Friday, April 9, 2010, 5-7pm
Schedule of Events
5.00-5.40| Opening Remarks
5.40-6 | Short Break
6-6.03 | Keynote Address
6.03-6.04 | Clapping
6.04-6.50 | Open Discussion
6.50-7.00 | Coffee & Olives
On Friday, April 9th, the Research Research Symposium convened at the Graduate Center at the California College of the Arts. Fifty artists, students and teachers met to discuss the art school of the future.
The symposium was formulated around two conditions—the possibility of learning without a teacher, and the experience of being alone together—both relevant to arts research and central to the philosophy of Jacques Rancière, thought out in his books The Emancipated Spectator and Aesthetics and its Discontents.
The first condition—learning without a teacher—is championed by Jacques Rancière's writing on Joseph Jacotot. Jacotot claims that ignorant students can teach each other and through this become emancipated. This idea was tested in the symposium by having non-experts give lectures on subjects they did not know, and additionally by adopting pedagogical forms but intentionally withholding their pedagogical outcomes. In other words, not only was the figure of the teacher removed, but the forms of teaching were reformulated. If Jacotot and Rancière are correct, conventional pedagogical forms favor certain possibilities and inhibit others. Modifying standard pedagogical forms should, accordingly, lead to new learning opportunities, as attendees/teachers self-define the learning activity that is taking place.
The second condition—being alone together—is also discussed by Rancière , who quotes Mallarmé, writing “Séparés, on est ensemble” [Apart, we are together]. This condition was invoked in the symposium through private and one-on-one exchanges that were organized to take place within the symposium. Rancière observes that in art we frequently encounter siutations that produce a sense of separation even as we stand together. This highlights a paradox faced by arts schools: how can arts institutions foster independence, given that this independence is itself anti-institutional. Rancière points to a possible way out of this paradox. He notes that artists anticipate being together as a community in order to create works as individuals that stand apart, so as to bring a new community into being. Creating communities of the future requires that we stand apart from today.

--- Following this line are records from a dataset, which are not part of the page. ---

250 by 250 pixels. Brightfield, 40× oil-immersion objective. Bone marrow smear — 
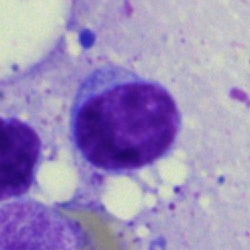
Morphology consistent with a typical lymphocyte.
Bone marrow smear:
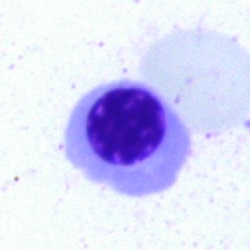Morphology → erythroblast.
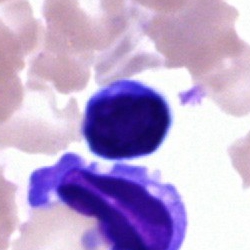

Q: What type of cell is this?
A: A lymphocyte.
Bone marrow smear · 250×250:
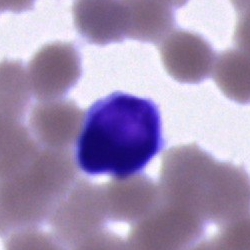

{"cell_type": "artefact"}
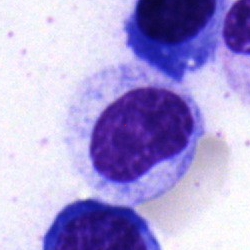
Specimen: bone marrow smear.
Morphological class: metamyelocyte.
Lineage: myeloid.
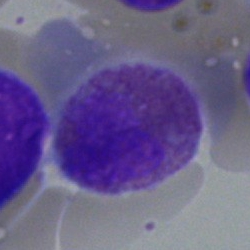Specimen: bone marrow smear.
Classification: eosinophilic granulocyte.
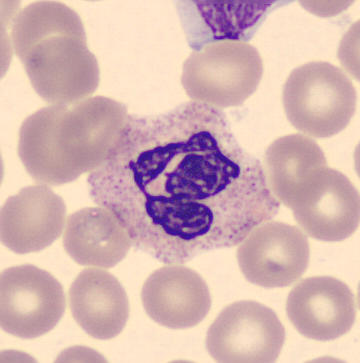 {"cell_type": "segmented neutrophil", "lineage": "myeloid"} Image: May Grünwald-Giemsa stain; peripheral blood smear; imaged on a CellaVision DM96 analyser.
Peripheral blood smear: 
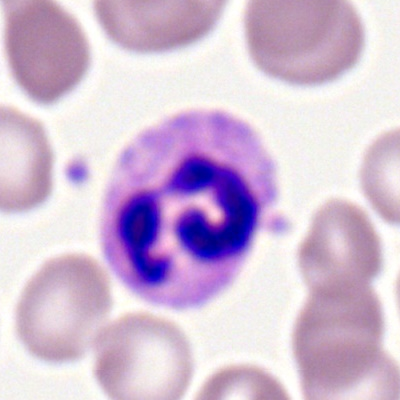Impression → neutrophil (segmented).
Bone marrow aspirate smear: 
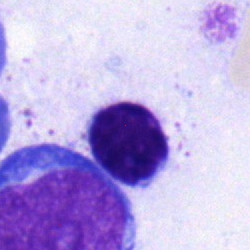Q: Identify the cell.
A: It is a lymphocyte.
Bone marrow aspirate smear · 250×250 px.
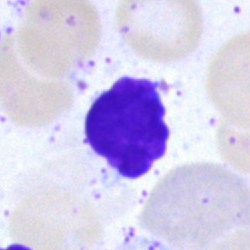

{"cell_type": "artifact"}
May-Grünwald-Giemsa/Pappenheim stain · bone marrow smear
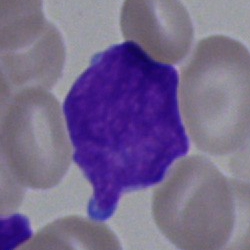Classification = blast cell.
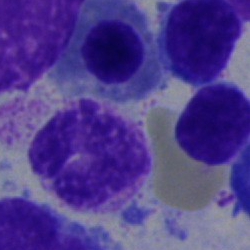

The cell is erythroblast.
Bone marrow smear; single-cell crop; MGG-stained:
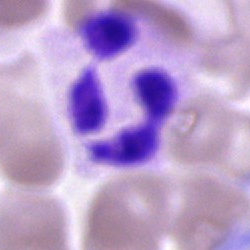

Specimen: bone marrow smear.
Morphological class: polymorphonuclear neutrophil.
Lineage: myeloid.
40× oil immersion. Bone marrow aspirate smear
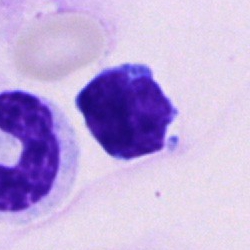Q: What cell is this?
A: It is a typical lymphocyte.
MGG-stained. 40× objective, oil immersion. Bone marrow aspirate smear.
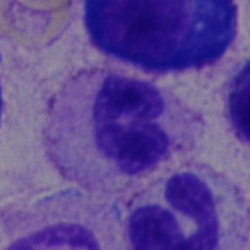Classification — polymorphonuclear neutrophil.
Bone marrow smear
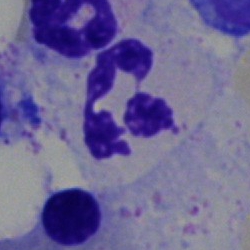 This is a segmented neutrophil.
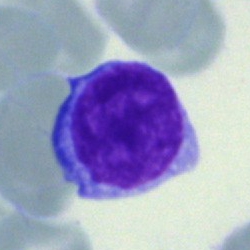
Classification: lymphocyte.
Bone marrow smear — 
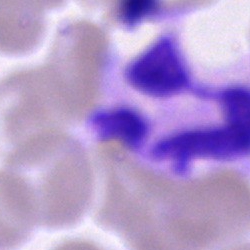Specimen: bone marrow aspirate smear.
Cell type: segmented neutrophil.
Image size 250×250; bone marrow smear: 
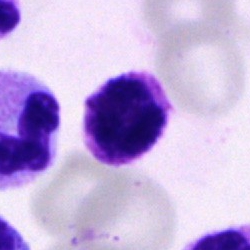Morphology consistent with a basophil.
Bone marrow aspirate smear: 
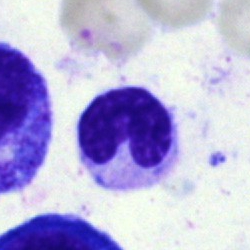 Morphological class — band neutrophil.
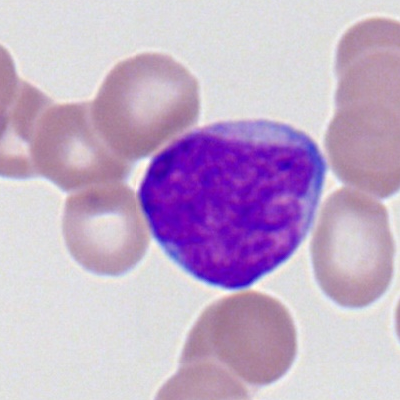

The classification is myeloblast.
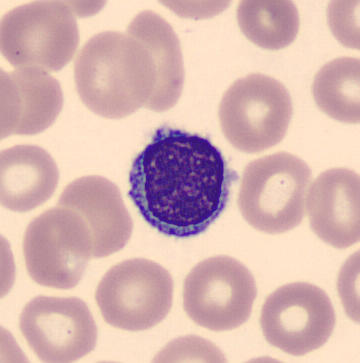Peripheral blood film.

Classification — typical lymphocyte.
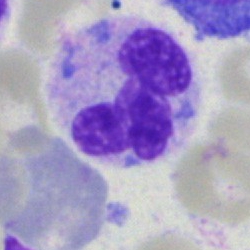
Bone marrow smear showing a monocyte.
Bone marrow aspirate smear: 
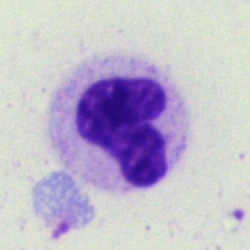

Cell — band-form neutrophil.
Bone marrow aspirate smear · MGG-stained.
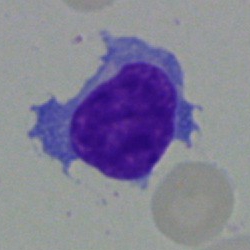The cell shown is a lymphocyte.
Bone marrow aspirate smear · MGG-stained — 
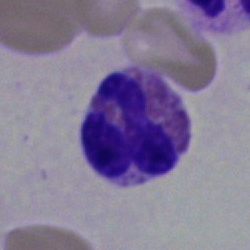
Cell type = eosinophil.
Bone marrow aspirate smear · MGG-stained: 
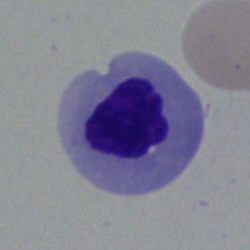Morphology → nucleated red blood cell.
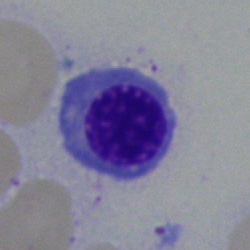
A nucleated red blood cell on a bone marrow smear.
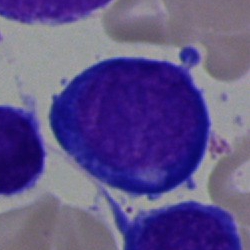A proerythroblast.
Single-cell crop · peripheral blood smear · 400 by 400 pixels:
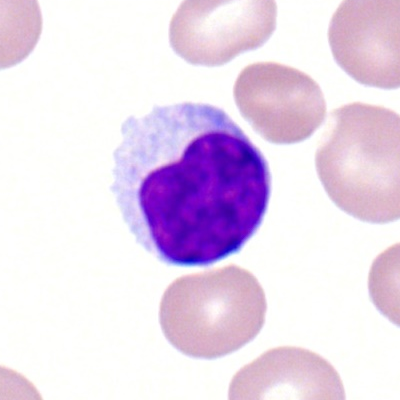 Impression — lymphocyte.
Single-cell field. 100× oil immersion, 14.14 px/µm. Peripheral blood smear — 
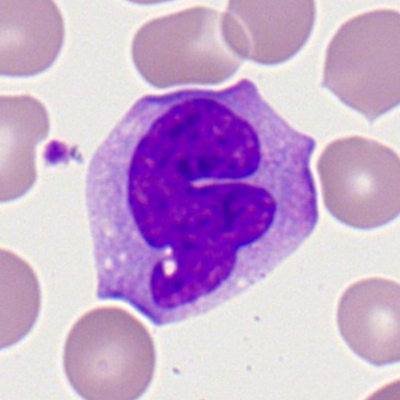Impression — monocyte.
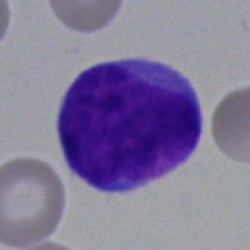
Q: Identify the cell.
A: A blast cell.
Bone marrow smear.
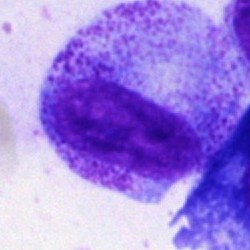
The cell type is progranulocyte.
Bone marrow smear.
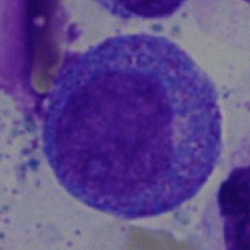 Morphology → progranulocyte.
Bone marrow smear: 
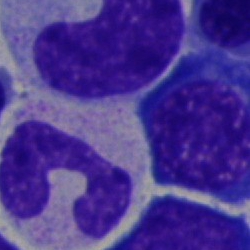

Segmented neutrophil.

Each art school of the future must therefore be anti-hierarchical and self-negating, ensuring the continuing succession of art schools in the future. Schools must promote learning through individual dissensus, replacing top-down knowledge transfer from skilled “experts” with private meaning formations. How can this be achieved?
Arrangement for a symposium
The Research Research symposium followed a sequence of events:
First, the room was organized in a schizophrenic layout, with the audience facing two opposite directions, dismantling any possibility of a hierarchical podium arrangement.
The event began with a low-stakes writing exercise: everyone wrote his or her definition of “research” on a piece of paper. Rather than reading the sentences out loud for group discussion, each person passed their sentence to their neighbor in a private exchange.
Attendees were informed that the symposium presenters had failed to turn up, though A/V materials had arrived, so presentations would be given by members of the audience.
For the first presentation, Rob Marks and Saul Rosenfield read out proposals from A Potential Art School by Liam Gillick.
Paul Wood and Elysa Lozano reenacted an early design research exercise by Moholy-Nagy, where a design student organizes a set of materials by tactile ‘tones’ which are then tested by a blind person.
Angie Stalker invited Emily Eifler to go on a private dérive during the conference, but without leaving the conference room.
Nancy Nowacek improvised a presentation for a PowerPoint slide deck in which all the slides were the same image, and only the transitions between slides varied.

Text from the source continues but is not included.